The National Education Association’s mission to drive Charles and David Koch, the two wealthy philanthropist brothers from Kansas, into the sea is showing no signs of slowing down. According to its latest Labor Department filing, the nation’s biggest union gifted $150,000 (up from a mere $100,000 the year before) to the American Bridge, a leftist hit-PAC whose mission is to annihilate every politico whose politics run to the right of the late Joe Stalin. (Nothing new here: Over the years, NEA has lavished gifts on such leftist stalwarts as MALDEF, People for the American Way, Media Matters, ACORN, Al Sharpton’s National Action Network and Occupy Wall Street.)
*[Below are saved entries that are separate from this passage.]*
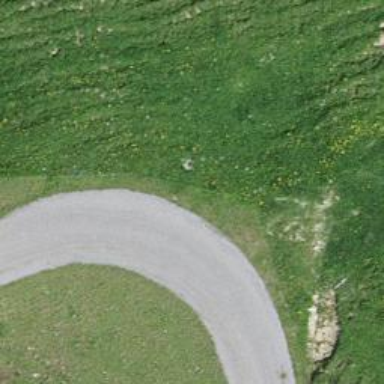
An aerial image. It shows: Paved track road with grade1 track type.
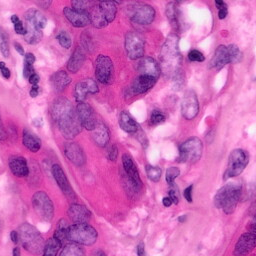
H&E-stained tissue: Pancreatic
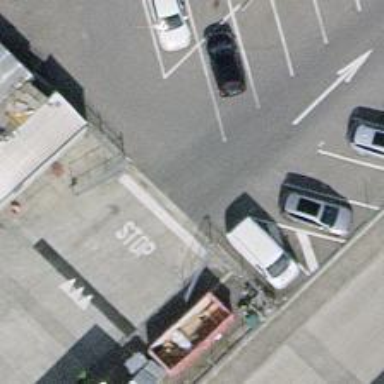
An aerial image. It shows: Parking aisle designated as service road.
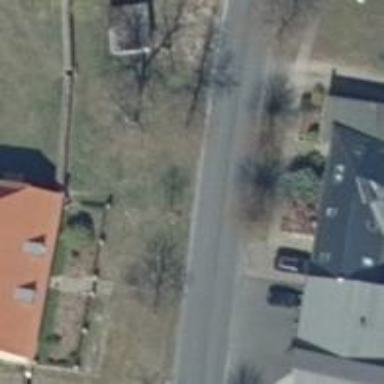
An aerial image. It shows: Secondary road with asphalt surface.
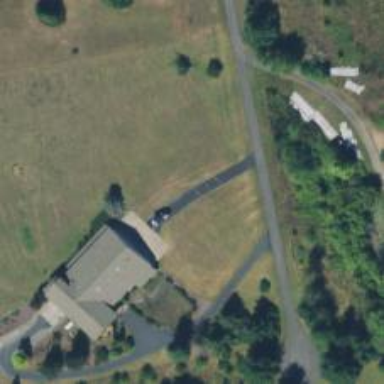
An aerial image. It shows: Driveway leading to service road.
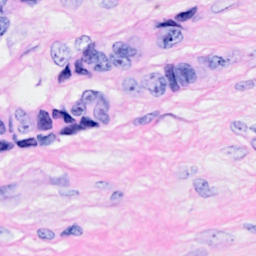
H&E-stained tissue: Breast
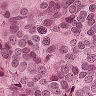
Metastatic tissue present: yes
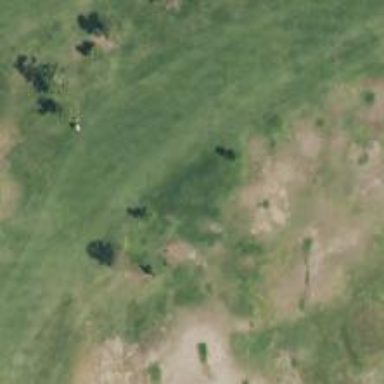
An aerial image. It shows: Golf fairway surrounded by grass.
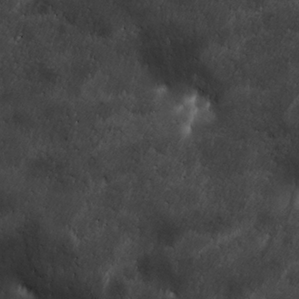
Label: non_frost

The American Bridge’s latest gambit is to remove the Koch brothers’ influence from 250 campuses where they support educational initiatives in economics, philosophy, entrepreneurship, criminal justice and other disciplines. A recent case in point: Mississippi State will soon launch the Institute for Market Studies, which was made possible in part by a $365,000 grant from the Charles Koch Foundation. But before its launch, American Bridge filed an open-records request seeking emails between professors, and between the school’s faculty and the Koch foundation. This is nothing more than an intimidation tactic to discourage the faculty from participating in the venture.
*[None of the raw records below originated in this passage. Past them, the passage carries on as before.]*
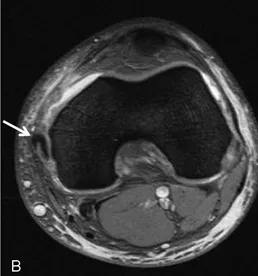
T2-weighted magnetic resonance imaging of the injured knee. (
B
) Axial view: arrow, avulsion of the medial collateral ligament in the medial femoral condyle.
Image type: radiology (mri)
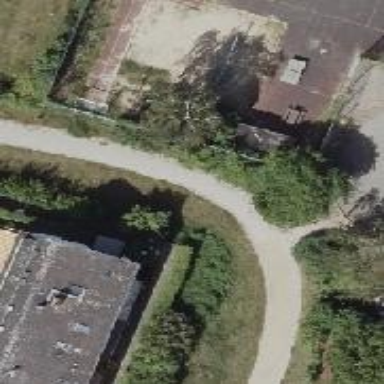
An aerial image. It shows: Footway along the road.
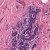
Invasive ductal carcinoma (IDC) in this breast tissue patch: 0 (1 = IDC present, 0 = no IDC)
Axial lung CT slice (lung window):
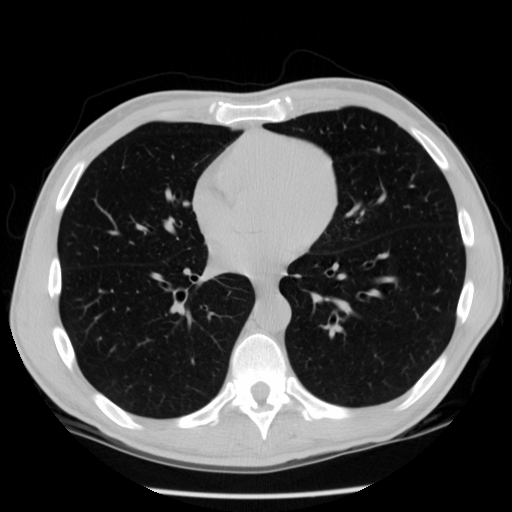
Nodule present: no
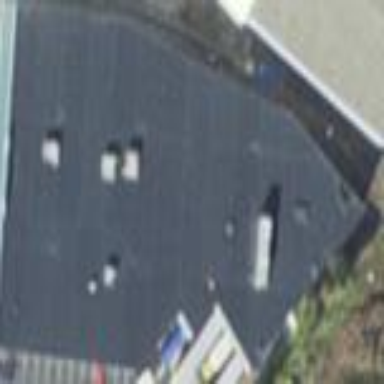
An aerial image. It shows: Supermarket located in building.
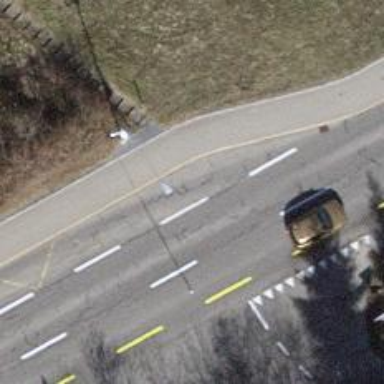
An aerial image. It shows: Asphalt footway with unmarked crossing.
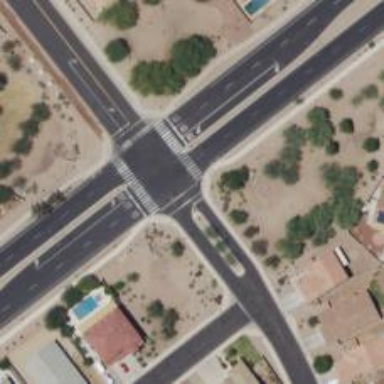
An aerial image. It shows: Unmarked crossing on the road.
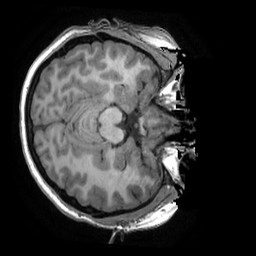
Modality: T1w
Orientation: axial
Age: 18
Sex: female
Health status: healthy
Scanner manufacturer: ge
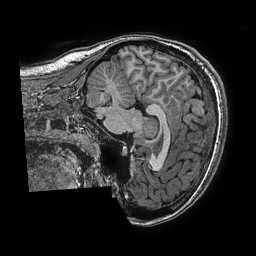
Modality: T1w
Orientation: sagittal
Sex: female
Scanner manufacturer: ge
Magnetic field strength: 3 T
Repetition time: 0.0077 s
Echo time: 0.003436 s
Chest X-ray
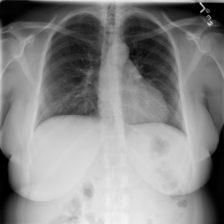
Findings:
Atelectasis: negative
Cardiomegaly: negative
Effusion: negative
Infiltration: negative
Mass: negative
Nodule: negative
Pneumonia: negative
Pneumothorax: negative
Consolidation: negative
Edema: negative
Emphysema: negative
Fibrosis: negative
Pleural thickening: negative
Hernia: negative
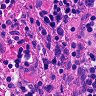
Metastatic tissue present: no
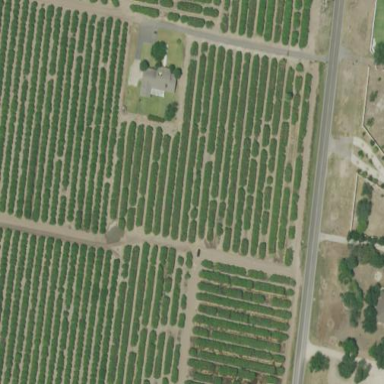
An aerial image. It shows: Orchard.
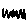
Label: zigzag

Sadly the above is hardly an isolated incident. “UnKoch My Campus,” another group of NEA fellow travelers, is busy all over the country trying rid our schools of the dreaded brothers. From the NEA website,
Between 2005 and 2013, the billionaire Koch brothers spent at least $68 million on college and university campuses — to fund faculty, research and publications, and to spread their anti-worker gospel to generations of students.
Last week, NEA Higher Ed faculty and staff leaders sat down in a windowless room in Orlando, Fla., and pledged to shine a light on those Koch campus investments — as well as the pernicious effects of the broad ‘corporatization’ of public higher education.
‘This is about corporate interests trying to control higher education. The Koch brothers are just one of those interests,’ said Theresa Montano, president of NEA’s National Council for Higher Education, who called for greater transparency of where that money goes and what exactly it buys.